Il s’était imaginé un lieu de pénombre et de fumée douce-amère, trouées çà et là par la clarté des chandelles, tout plein de bocaux et de fioles aux contenus mystérieux — poudres, potions et philtres —, la plupart sous une épaisse couche de poussière, voire enveloppés dans des toiles d’araignées. Il s’était attendu à une silhouette encapuchonnée tapie au fond de cet antre, à un personnage dont il lui fallût éventuellement se méfier. Or les gens qu’il voyait évoluer derrière la transparence de ces murs de verre ne semblaient pas se comporter différemment que dans n’importe quel magasin, et il crut qu’il s’agissait d’une illusion.

En fait, ils étaient bien réels.

Pendant un moment donc, le Pistolero ne fit que se tenir dans l’embrasure de la porte, surpris d’abord, puis franchement ironique. Il était là dans un monde qui, presque à chaque pas, le frappait d’étonnement, dans un monde où les diligences empruntaient la voie des airs, où le papier ne semblait pas avoir plus de valeur que le sable. Et la toute dernière merveille qu’il découvrait était que dans ce monde les gens avaient tout simplement cessé d’être sensibles au merveilleux : au sein de tels miracles, il ne voyait que des visages mornes et des corps pesants.

Il y avait là des milliers de fioles contenant des potions et des philtres que la Mortcyclopédie considérait en général comme du pipeau. Ici, c’était une panacée censée restaurer votre crâne chauve dans sa pilosité d’origine mais qui le laissait désespérément lisse, là une crème qui, promettant de vous gommer ces vilaines taches sur les bras et sur les mains, mentait honteusement. Et puis là, des remèdes pour ce qui n’en requérait d’aucune sorte : bloquant ou relâchant vos intestins, vous donnant des dents blanches ou des cheveux noirs, ou encore meilleure haleine comme si le même résultat ne pouvait être obtenu en mâchant de l’écorce d’aulne. Nulle magie en ces lieux, rien que du trivial — bien qu’il s’y trouvât de l’astine et quelques autres médicaments dont le nom semblait être un gage d’efficacité. Roland, dans l’ensemble, en était effaré. Fallait-il s’étonner que la magie ait déserté ces lieux qui, promettant l’alchimie, s’occupaient avant tout de parfums ?
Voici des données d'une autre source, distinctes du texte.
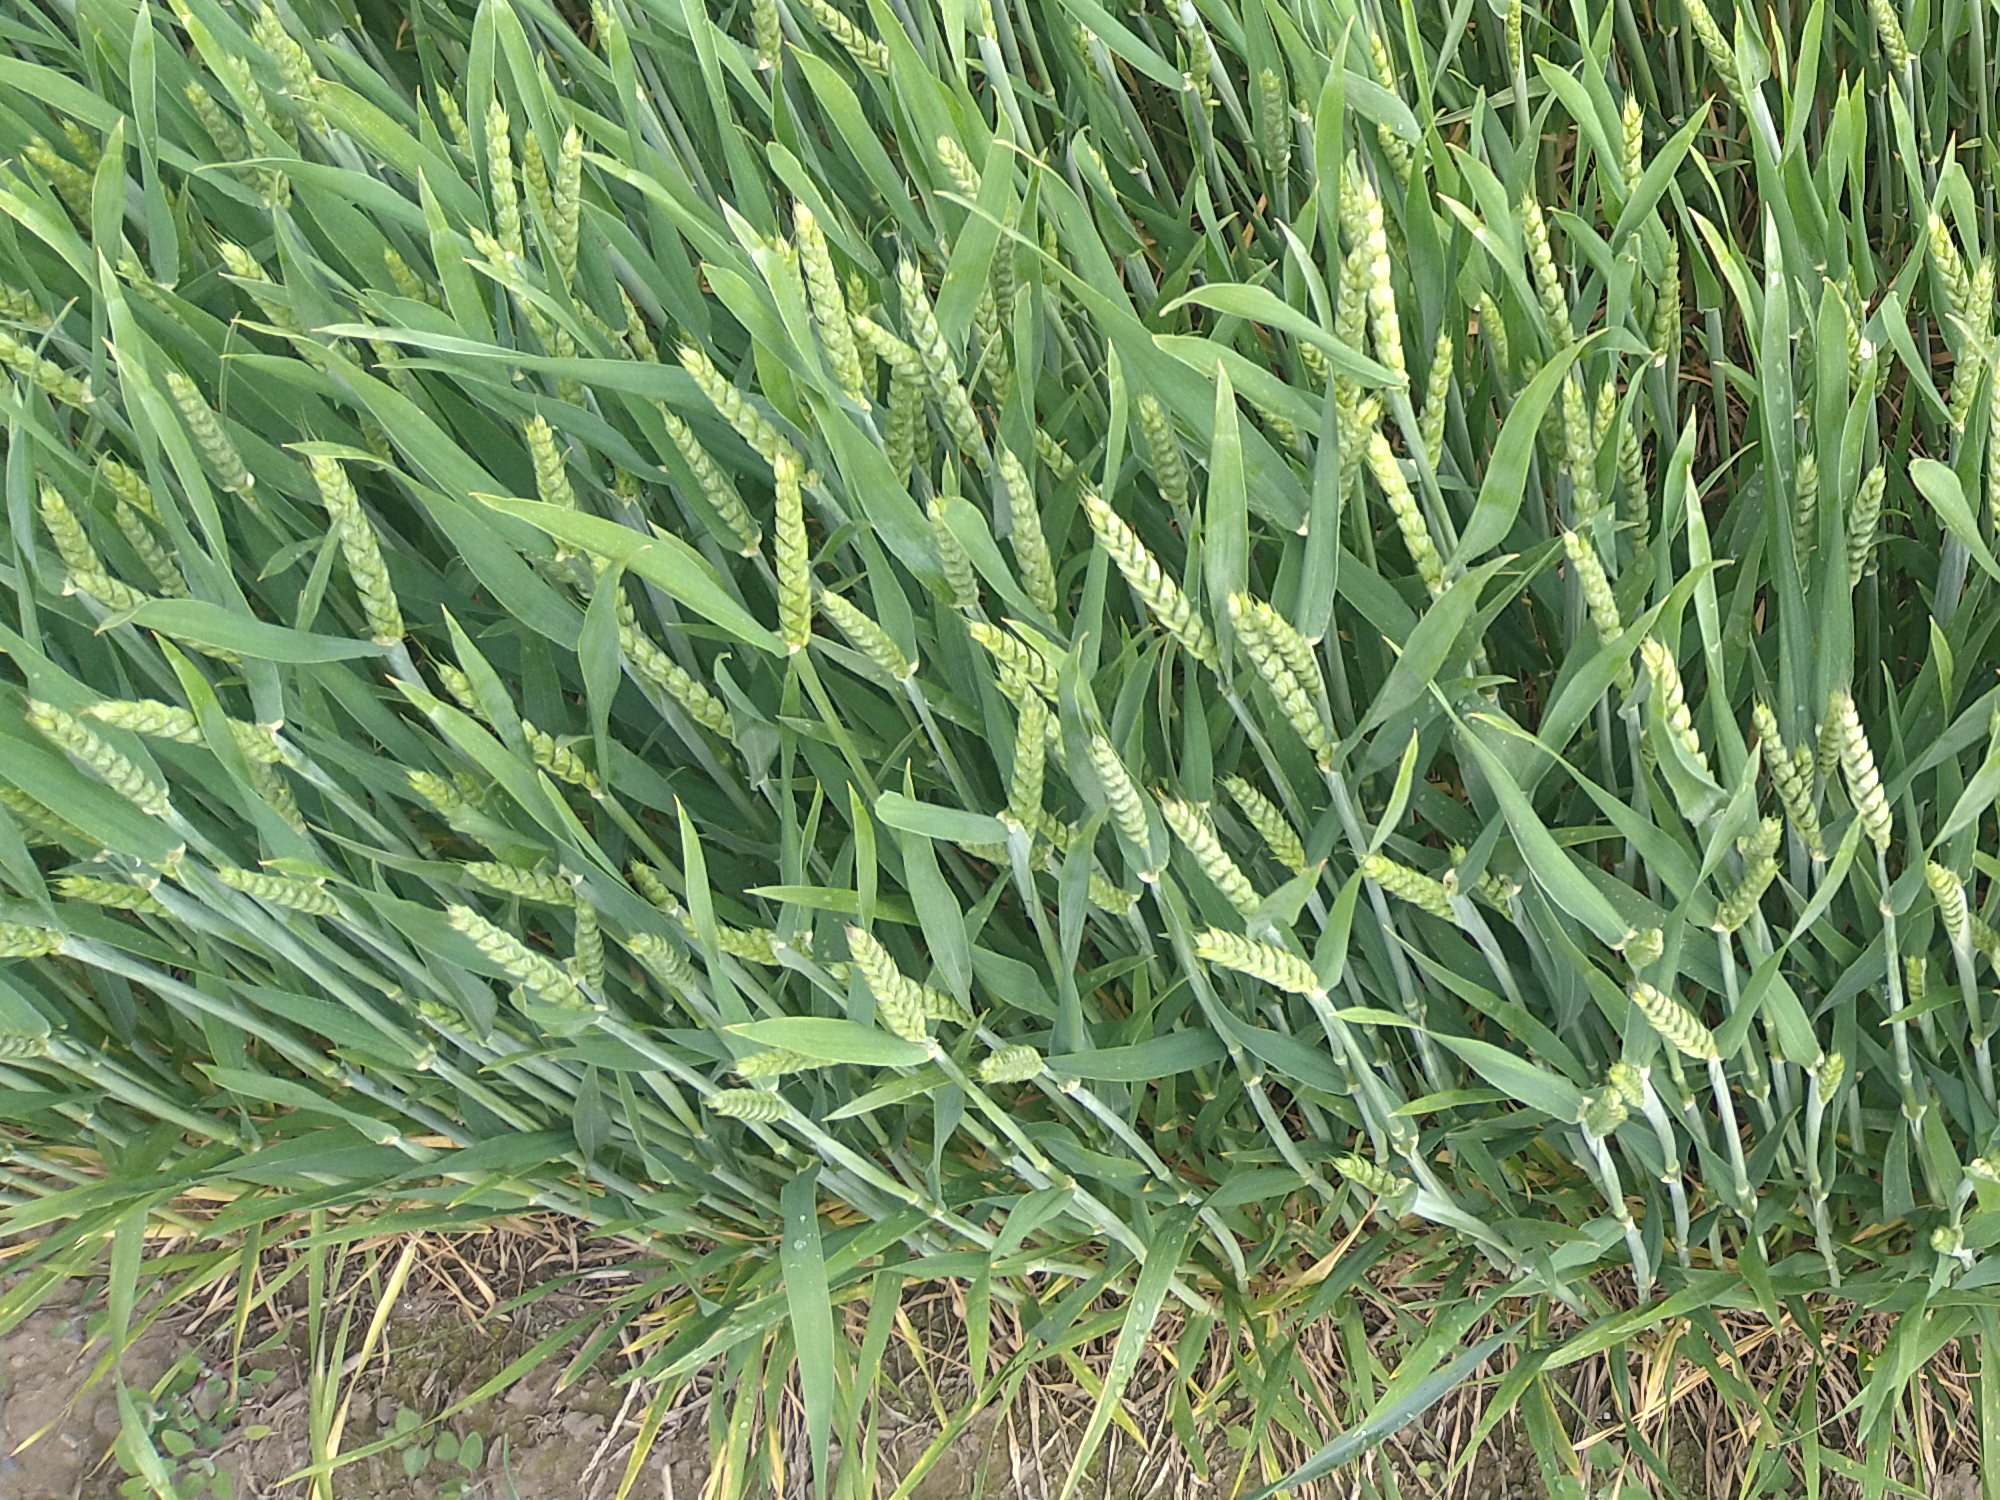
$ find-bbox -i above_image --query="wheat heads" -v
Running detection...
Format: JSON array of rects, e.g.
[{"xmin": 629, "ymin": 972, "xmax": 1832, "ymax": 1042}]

Mais un nouveau recours à la Mortcyclopédie lui apprit que la vérité de cet endroit n’était pas tout entière dans ce qu’il en voyait. Les potions réellement efficaces y étaient tenues à l’abri des regards, et donc des convoitises. On ne pouvait les obtenir que sur autorisation d’un sorcier, lesquels, en ce monde, se nommaient DOCKTEURS et consignaient leurs formules magiques sur des feuilles de papier portant le nom d’ORDOS, termes l’un comme l’autre inconnus du Pistolero. Il aurait pu s’informer plus avant mais c’était sans importance. Il en savait assez pour ce qu’il avait à faire, et un bref coup d’œil dans la Mortcyclopédie le renseigna sur l’endroit précis du magasin où il pouvait trouver ce qu’il cherchait.